Important update! It’s been two weeks since my last cheese post – this took a little longer than I had originally planned. After one week with no discernible mold growth, I e-mailed Luke Dolby at cheeseandyogurtmaking.com, who graciously responded with some much needed advice. I dissolved a quarter teaspoon of the penicillium candidum into a quarter cup of boiled water and put it into a sterilized spray bottle. For the next week, I spritzed the cheeses every day when I flipped them. After five days the mold was prospering finely and at last I’m ready to wrap and store them – which means my indenturehood to this project is finally over.

That’s a fine looking cheese, if I do say so myself.
Full disclosure time: the other three are not so pretty. But perfection is boring right? So I’m just going to go with it. It’s my first try.

As a present to myself, I got a beautiful package of “Cheese Paper”, which is printed with little cows, sheep, and goats and comes with clever labels for storage. Allegedly this paper “…simulates the environment of a cheese cave” and is better than plastic wrap, which “suffocates” the cheese. Well I didn’t do all this damn work to have my little cheeses suffocate.

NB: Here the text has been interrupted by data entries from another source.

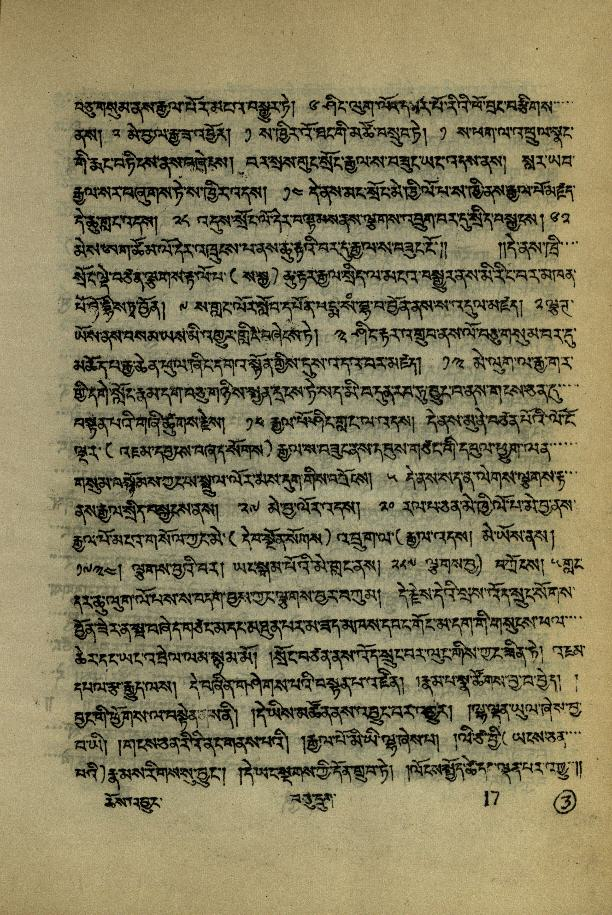བཅུ་གསུམ་ནས་རྒྱལ་པོར་མངའ་བསྒྱུར་ཏེ། ༦་ཤིང་ལུག་ལོར་དམར་པོ་རིའི་ཕོ་བྲང་བརྩིགས་
ནས། ༢་མེ་བྱ་ལ་རྒྱ་ཟ་འབྱོར། ༡་ས་ཁྱིར་འོ་ཐང་གི་མཚོ་བསྲུབ་ཏེ། ༡་ས་ཕག་ལ་འཕྲུལ་སྣང་
གི་རྨང་བཏིངས་ནས་བཞེངས། བར་སྲས་གུང་སྲོང་རྒྱལ་ས་བཟུང་ཡང་འདས་ནས། སླར་ཡབ་
རྒྱལ་སར་བཞུགས་ཏེ་ས་ཁྱིར་འདས། ༡༤་དེ་ནས་མང་སྲོང་མེ་ཁྱི་ལོ་པ་ས་ཁྱི་ནས་རྒྱལ་པོ་མཛད་
དེ་ཆུ་གླང་འདས། ༢༨་འདུས་སྲོང་ལོ་དེར་བལྟམས་ནས་ལྕགས་འབྲུག་བར་དུ་སྲིད་བསྐྱངས། ༦༢
མེས་ཨག་ཚོམ་ལོ་དེར་འཁྲུངས་པ་ནས་ཆུ་རྟའི་བར་དུ་རྒྱལ་ས་བཟུང་ངོ།། །།དེ་ནས་ཁྲི་
སྲོང་ལྡེ་བཙན་ལྕགས་རྟ་ལོ་པ་ས་སྐྱ་ཆུ་རྟར་རྒྱལ་སྲིད་ལ་མངའ་བསྒྱུར་ནས་མི་རིང་བར་མཁན་
པོ་བྷོ་དྷི་སཏྭ་བྱོན། ༧་ས་གླང་ལོར་སློབ་དཔོན་པདམ་སཾ་བྷ་བ་བྱོན་ནས་ས་འདུལ་མཛད། ༢་ལྕཊ་
ཡོས་ནས་བསམ་ཡས་མི་འགྱུར་གླིང་བཞེངས་ཏེ། ༣་ཤིང་རྟར་འགྲུབ་ནས་ལོ་བཅུ་གསུམ་བར་དུ་
མཆོད་པ་རྒྱ་ཆེན་ཕུལ་ཞིང་དགའ་སྟོན་གྱིས་དུས་འདའ་བར་མཛད། ༡༣་མེ་ལུག་ལ་རྒྱ་གར་
གྱི་དགེ་སློང་རྣམ་དག་བཅུ་གཉིས་སྤྱན་དྲངས་ཏེ་སད་མི་བདུན་རབ་ཏུ་བྱུང་བ་ནས་གངས་ཅན་དུ་
བསྟན་པའི་གཞི་ཚུགས་རྗེས། ༡༥་རྒྱལ་པོ་ཤིང་གླང་ལ་འདས། དེ་ནས་མུ་ནེ་བཙན་པོའི་ལོ་ངོ་
ལྔར་འཇམ་དབྱངས་བཞད་སོགས་རྒྱལ་ས་བཟུང་ནས་དབུས་གཙང་གི་དབུལ་ཕྱུག་ལན་
གསུམ་བསྙོམས་ཀྱངས་སྤྲུལ་ལོར་མས་དུག་གིས་བཀྲོངས། ༥་དེ་ནས་སད་ན་ལེགས་ལྕགས་རྟ་
ནས་རྒྱལ་སྲིད་བསྐྱངས་ནས། ༢༧་མེ་བྱ་ལོར་འདས། ༢༠་རལ་པ་ཅན་མེ་ཁྱི་ལོ་པ་མེ་བྱ་ནས་
རྒྱལ་པོ་མངའ་གསོལ་ཀྱང་མེ་དེབ་སྔོན་སོགས་འབྲུག་ལ་རྒྱལ་འདས། མེ་ཡོས་ནས།
༡༧༣༤། ལྕགས་བྱའི་བར། ཡང་སྒམ་པོའི་མེ་གླང་ནས། ༢༨༧་ལྕགས་བྱ་བཀྲོངས། ༥་གླང་
དར་ཆུ་ལུག་ལོ་པས་ས་བདག་བྱས་ཀྱང་ལྕགས་བྱར་བཀུམ། དེ་རྗེས་དེའི་སྲས་འོད་སྲུང་སོགས་
བྱོན་ཟེར་ན་སྦ་བཞེད་གཙང་མ་དང་མཐུན་པར་མ་ཟད་མཁས་དབང་གོང་མ་དག་གི་གསུངས་ཕལ་
ཆེར་དང་ཡང་འབྲེལ་ལམ་སྙམ་མོ། །སྲོང་བཙན་ནས་འོད་སྲུང་བར་ལུང་གིས་ཀྱང་ཟིན་ཏེ། འཇམ་
དཔལ་རྩ་རྒྱུད་ལས། དེ་བཞིན་གཤེགས་པའི་བསྟན་པ་འཛིན། །རྣམ་པ་སྣ་ཚོགས་བྱ་བ་བྱེད། །
བྱང་གི་ཕྱོགས་ལ་བསྟེན་ནས་ནི། །དེ་ཡིས་མཚོན་ནས་འབྱུང་བར་འགྱུར། །ལྷ་ལྡན་ཡུལ་ཞེས་བྱ་
བ་ཡི། །གངས་ཅན་རིའི་ནང་གནས་པའི། །རྒྱལ་པོ་མི་ཡི་ལྷ་ཞེས་པ། །ལི་ཙ་བྱི་ཡངས་ཅན་
པའི་རྣམས་རིགས་སུ་བྱུང་། །དེ་ཡང་སྔགས་ཀྱི་དོན་གྲུབ་ཏེ། །ལོངས་སྤྱོད་ཚེ་དང་ལྡན་པར་འགྱུར།།

(I made the little cow say “Moo”.)
Into the fridge they go to live quietly for a month or two. Perhaps I’ll take one to Thanksgiving with the in-laws. Perhaps I’ll share with family and friends over a well-paired bottle of wine. Maybe they will start to smell like gasoline after a month and I will drop them into the neighbor’s garbage can in the dead of night. Anything can happen now, but at least I can say I tried.
I made cheese y’all!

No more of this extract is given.